Summation Algorithm: Understanding n/lgn-i = n/i

[unknown_2]

Hi, I've been looking through my algorithms book/notes and I've come across this summation I'm not quite sure how they got to.

$$\sum^{lgn - 1}_{i = 0}\frac{n}{lgn - i}$$ = $$n\sum^{lgn}_{i = 1}\frac{n}{i}$$

where $$lgn = log_{2}n$$, it's just to make it simpler


any clue?

cheers,

 

[jgens]

It looks like you might have an extra factor of $n$ is the second summation. However, consider the sum

$$\sum_{i=0}^{\lg{(n)} - 1}\frac{n}{\lg{(n)} - i}$$

Let $u = \lg{(n)} - i$, then $u$ attains values between $1$ and $\lg{(n)}$. Therefore, summing over this index we find that . . .

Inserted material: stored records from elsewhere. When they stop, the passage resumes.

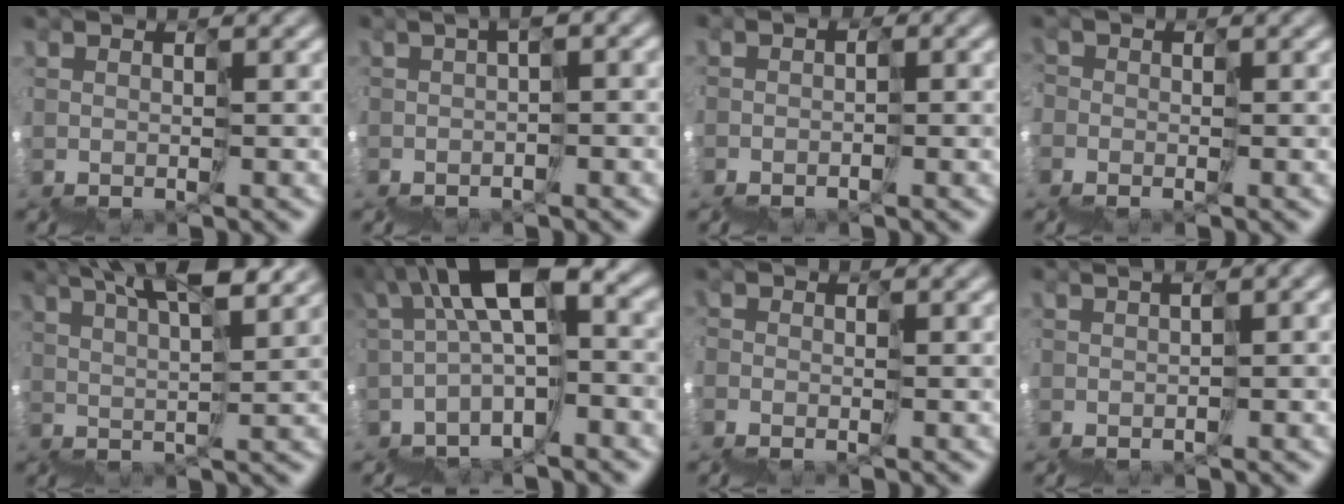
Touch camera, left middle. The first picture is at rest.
{"total": 2.6, "force": [-1.8, -0.2, 1.8], "torque": [-0.034, -0.007, -0.030]}
{"total": 3.0, "force": [-2.5, 1.5, -0.4], "torque": [0.012, 0.004, -0.032]}
{"total": 2.2, "force": [-1.8, 1.0, -0.7], "torque": [0.005, 0.005, -0.026]}
{"total": 6.6, "force": [6.1, -0.4, 2.5], "torque": [-0.005, 0.059, 0.089]}
{"total": 6.5, "force": [0.4, 2.0, 6.2], "torque": [-0.114, 0.041, -0.004]}
{"total": 1.4, "force": [-1.3, -0.2, -0.5], "torque": [0.003, 0.008, -0.030]}
{"total": 2.6, "force": [-1.1, 0.5, 2.3], "torque": [-0.019, 0.004, -0.012]}
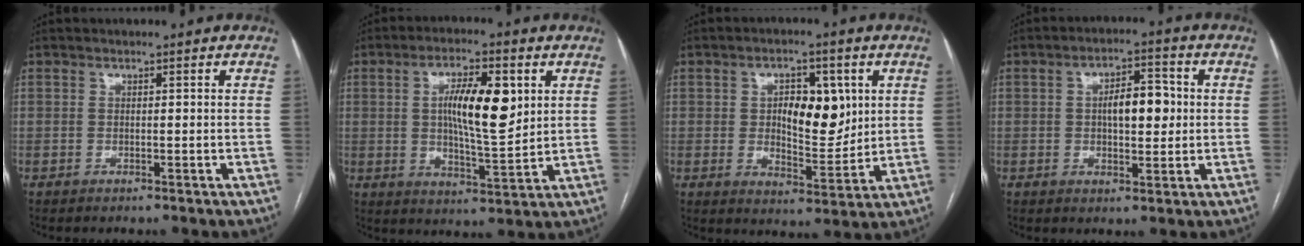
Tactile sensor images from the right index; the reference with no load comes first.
{"total": 10.9, "force": [2.6, 2.7, 10.3], "torque": [-0.181, 0.003, 0.045]}
{"total": 9.1, "force": [2.1, 4.3, 7.7], "torque": [-0.115, 0.005, 0.041]}
{"total": 7.0, "force": [0.5, 3.0, 6.4], "torque": [-0.103, 0.014, 0.009]}
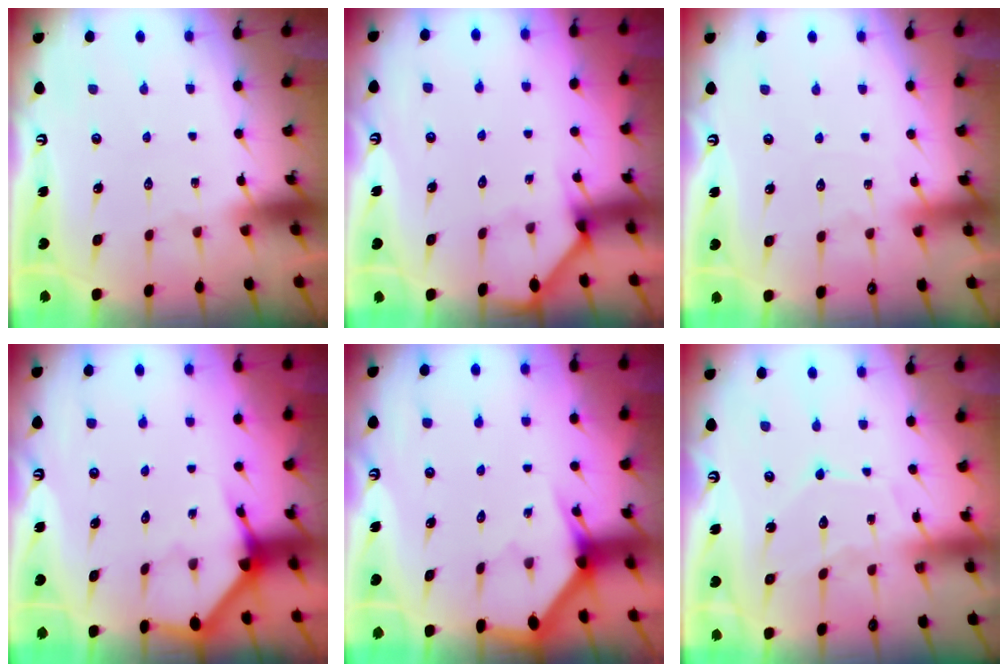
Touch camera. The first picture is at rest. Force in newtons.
{"total": 2.2, "press": 2.2, "slide": 0.3}
{"total": 2.2, "press": 2.2, "slide": 0.3}
{"total": 4.0, "press": 4.0, "slide": 0.2}
{"total": 3.1, "press": 3.1, "slide": 0.2}
{"total": 9.2, "press": 9.2, "slide": 0.4}

$$\sum_{i=0}^{\lg{(n)} - 1}\frac{n}{\lg{(n)} - i} = \sum_{u=1}^{\lg{(n)}}\frac{n}{u}$$

As desired.

 

[unknown_2]

yeah I kinda knew the n wasn't supposed to be there, but i put it in just in case i was wrong. your solution makes total sense, thank you very much!